Proliferative activity in stenotic human aortocoronary bypass grafts

Background: Aortocoronary bypass graft disease is responsible for long-term failure of autologous vein grafts. The analyses of proliferation and cell type characterisation in human bypass grafts harvested during re-do surgery make it possible to investigate the cellular processes leading to bypass graft failure. Methods: 30 stenotic vein grafts and 25 control veins were explantated during re-do heart surgery procedures. The total area and cell count of the neointima, media and adventitia were calculated computer-assisted. Actively proliferating cells were identified using antibody to Ki-67 and positive cells were determined by double-label immunocytochemistry with SMC α-actin, CD 31 (endothelial cells), CD 68 (macrophages) and CD 45 (T-lymphocytes). Results: Active proliferation was detected in different cell types with an average proliferation index of 0.15%, 0.18% and 0.086% for neointima, media and adventitia.
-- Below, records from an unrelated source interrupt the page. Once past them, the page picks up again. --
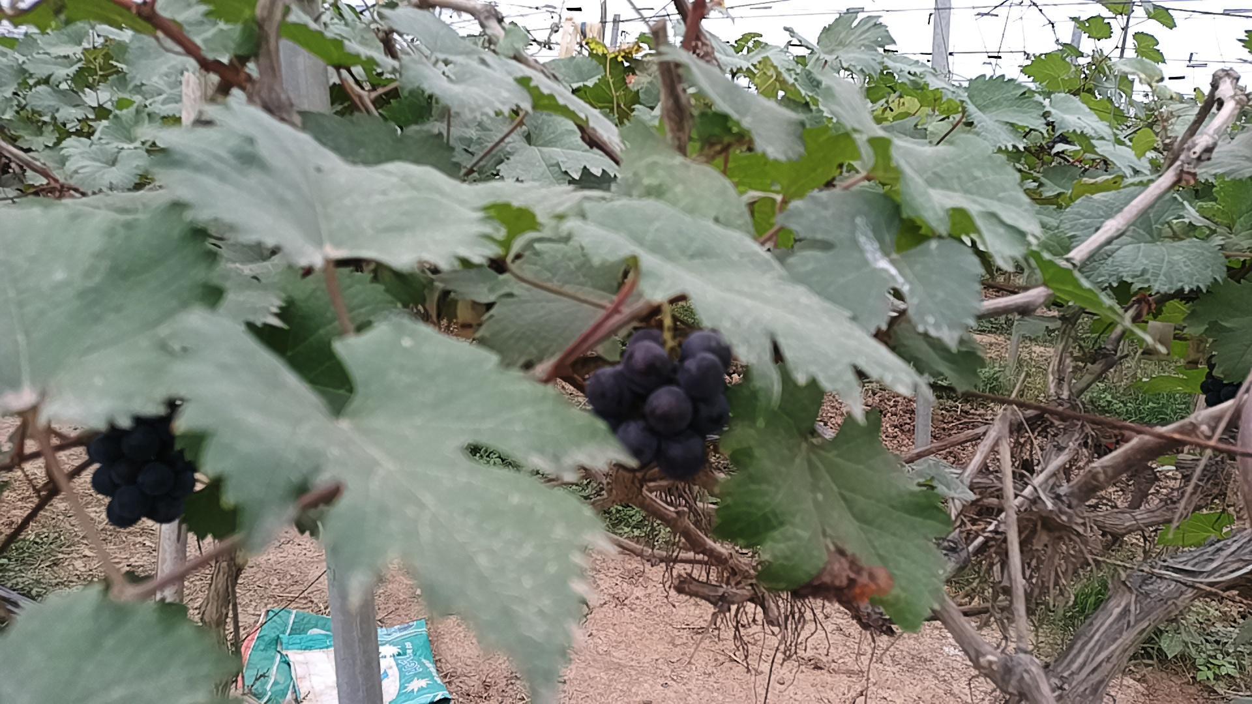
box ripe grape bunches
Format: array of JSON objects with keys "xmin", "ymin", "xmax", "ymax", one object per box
[
  {"xmin": 87, "ymin": 400, "xmax": 196, "ymax": 527},
  {"xmin": 584, "ymin": 327, "xmax": 732, "ymax": 480}
]
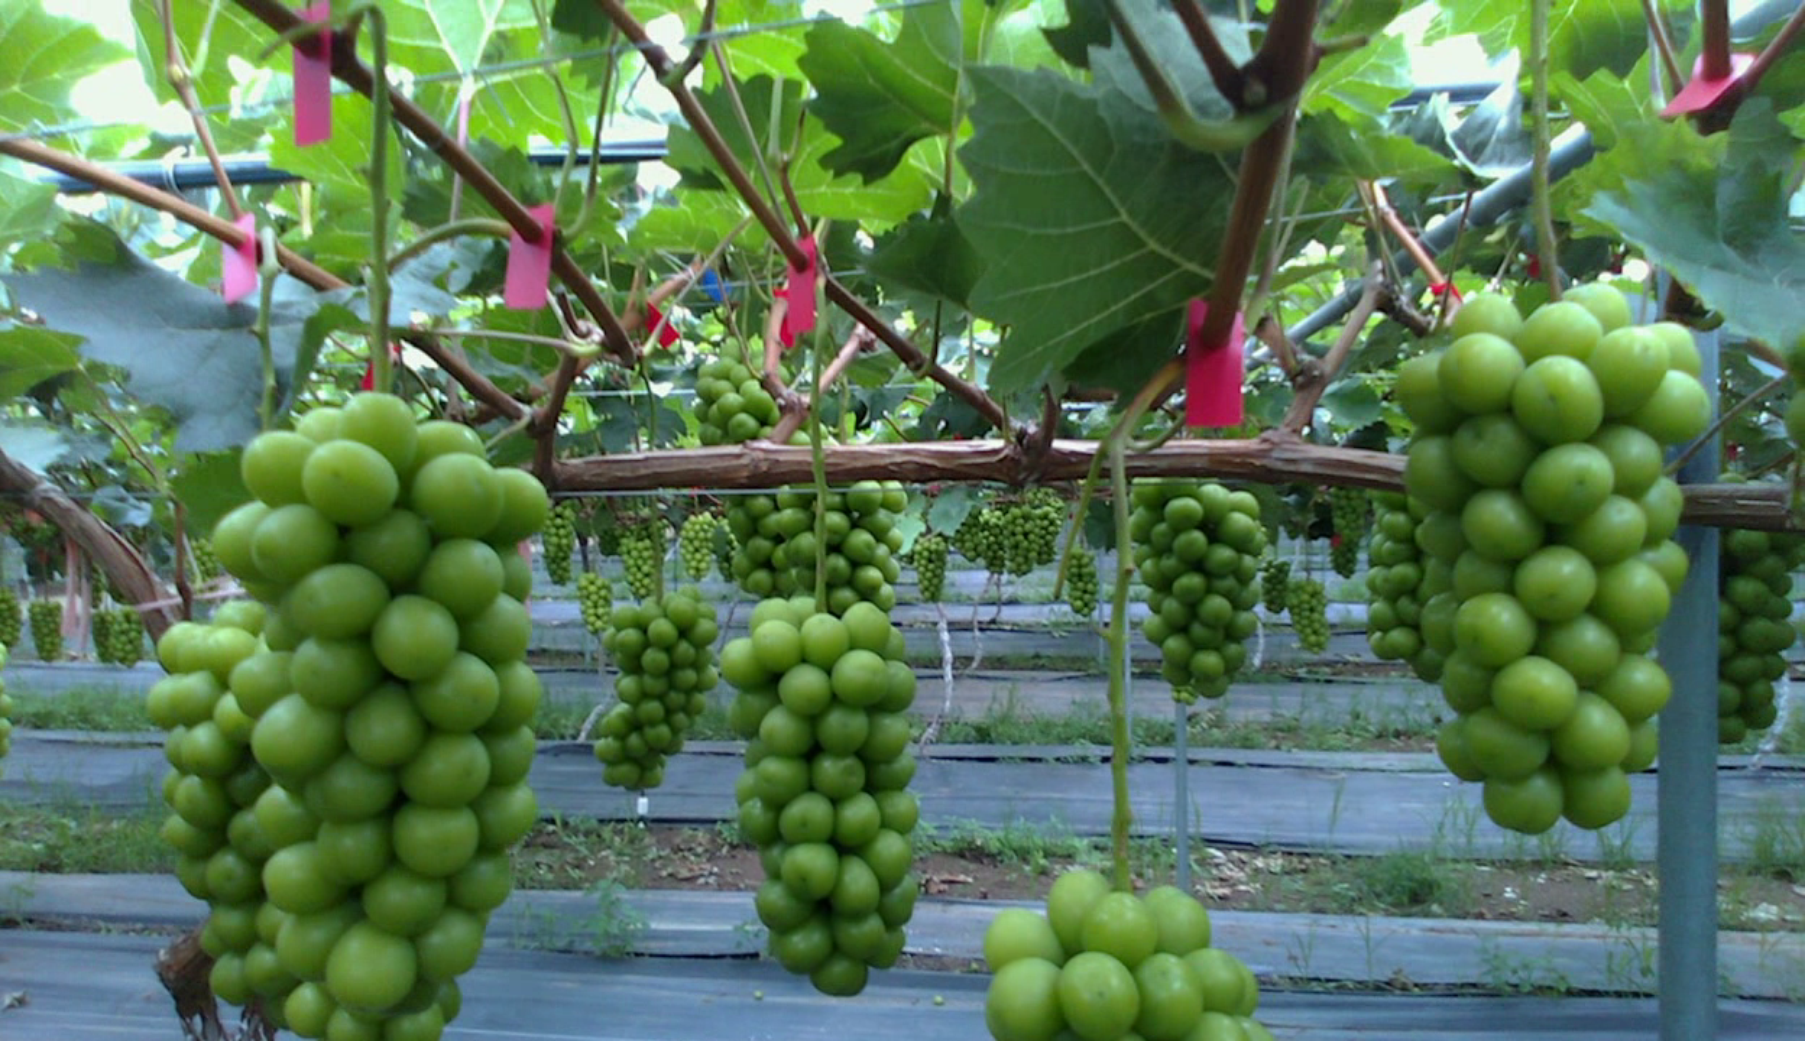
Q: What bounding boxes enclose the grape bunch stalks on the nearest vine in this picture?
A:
[1102,353,1182,892]
[337,1,389,393]
[810,278,827,613]
[1529,0,1562,302]
[249,224,282,432]
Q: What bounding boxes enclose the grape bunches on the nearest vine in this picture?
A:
[983,869,1271,1040]
[1397,282,1711,836]
[722,597,918,998]
[146,599,461,1040]
[211,392,548,1018]
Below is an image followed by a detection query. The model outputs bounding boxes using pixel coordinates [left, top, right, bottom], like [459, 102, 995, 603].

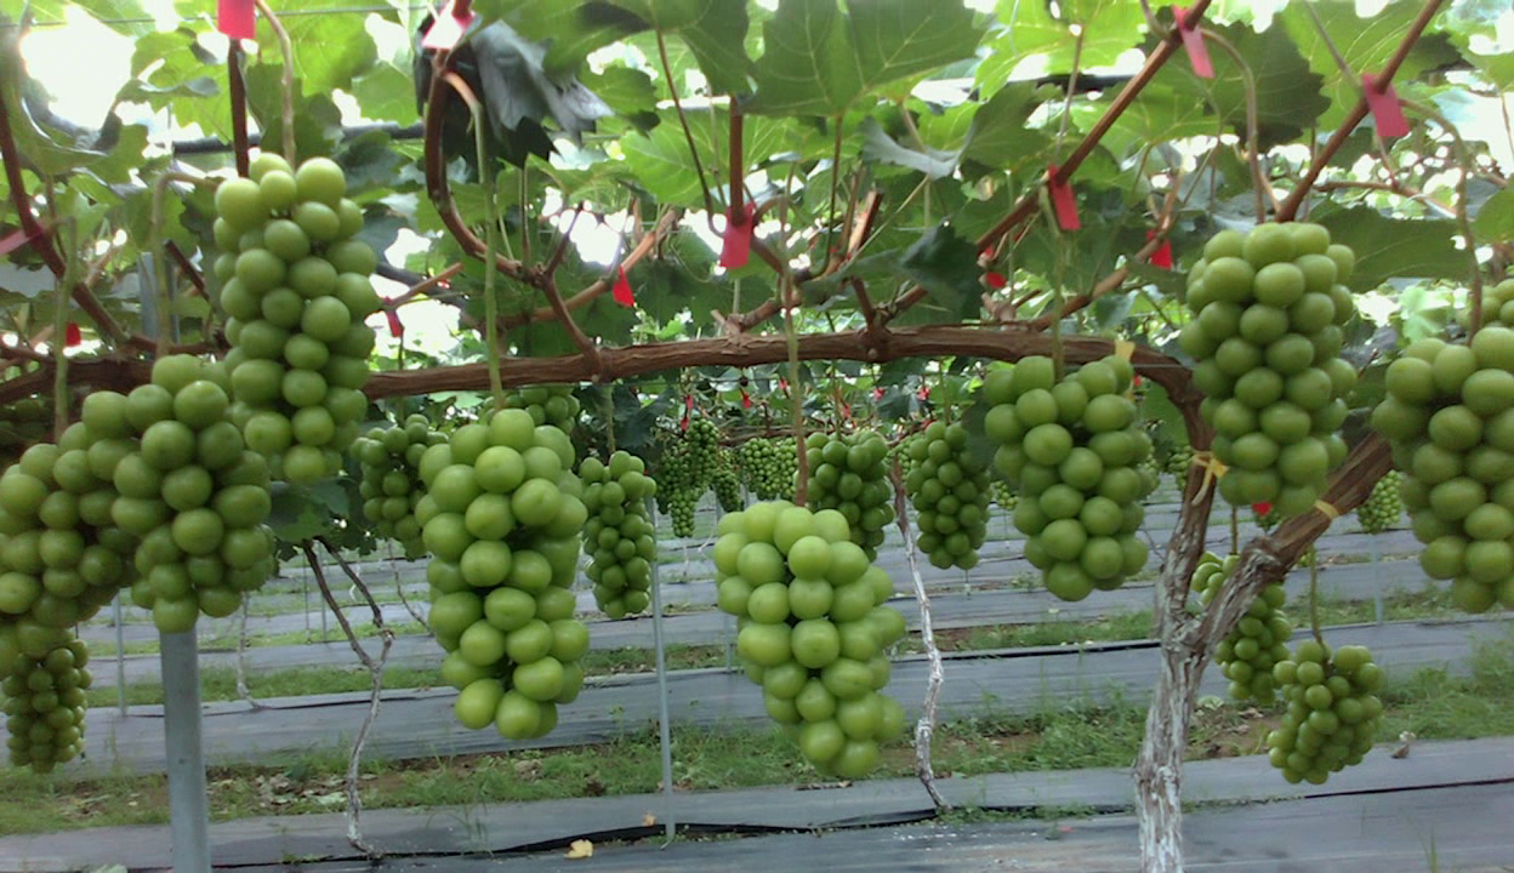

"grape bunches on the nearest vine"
[214, 153, 382, 485]
[415, 406, 593, 741]
[712, 500, 905, 777]
[1373, 327, 1513, 614]
[1178, 222, 1359, 518]
[983, 354, 1155, 601]
[1, 423, 138, 674]
[80, 352, 278, 632]
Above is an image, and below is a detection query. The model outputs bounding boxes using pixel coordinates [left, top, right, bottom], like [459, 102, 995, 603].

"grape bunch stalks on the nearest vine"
[49, 217, 79, 436]
[448, 74, 503, 406]
[1405, 102, 1481, 343]
[1037, 188, 1064, 381]
[149, 169, 210, 356]
[256, 6, 295, 166]
[779, 202, 806, 506]
[1207, 30, 1265, 221]

Only 9% of proliferating cells in the neointima were SMC (not identified cells 40%); correspondingly, 14% SMC (not identified cells 33%) were detected in the media. Endothelial cells turned out to be the predominant proliferating cell type in all sections of the vessel wall. Conclusion: Proliferation in our series of stenotic vein grafts occurred at a low level, but was significantly higher compared to native control veins. While proliferation may play an important role in early lesions, our data clearly show low proliferation activity in advanced graft lesions. The identification of proliferating macrophages and T-lymphocytes implicate an additional inflammatory component in the development of human bypass graft disease. Summary: To clarify the role of cellular proliferation in human aortocoronary bypass grafts, we characterized the cellular composition and proliferation index in 30 stenotic saphenous vein grafts in comparison to 25 native veins. Proliferation in our series of stenotic vein grafts occurred at a low level, but was significantly higher compared to native control veins.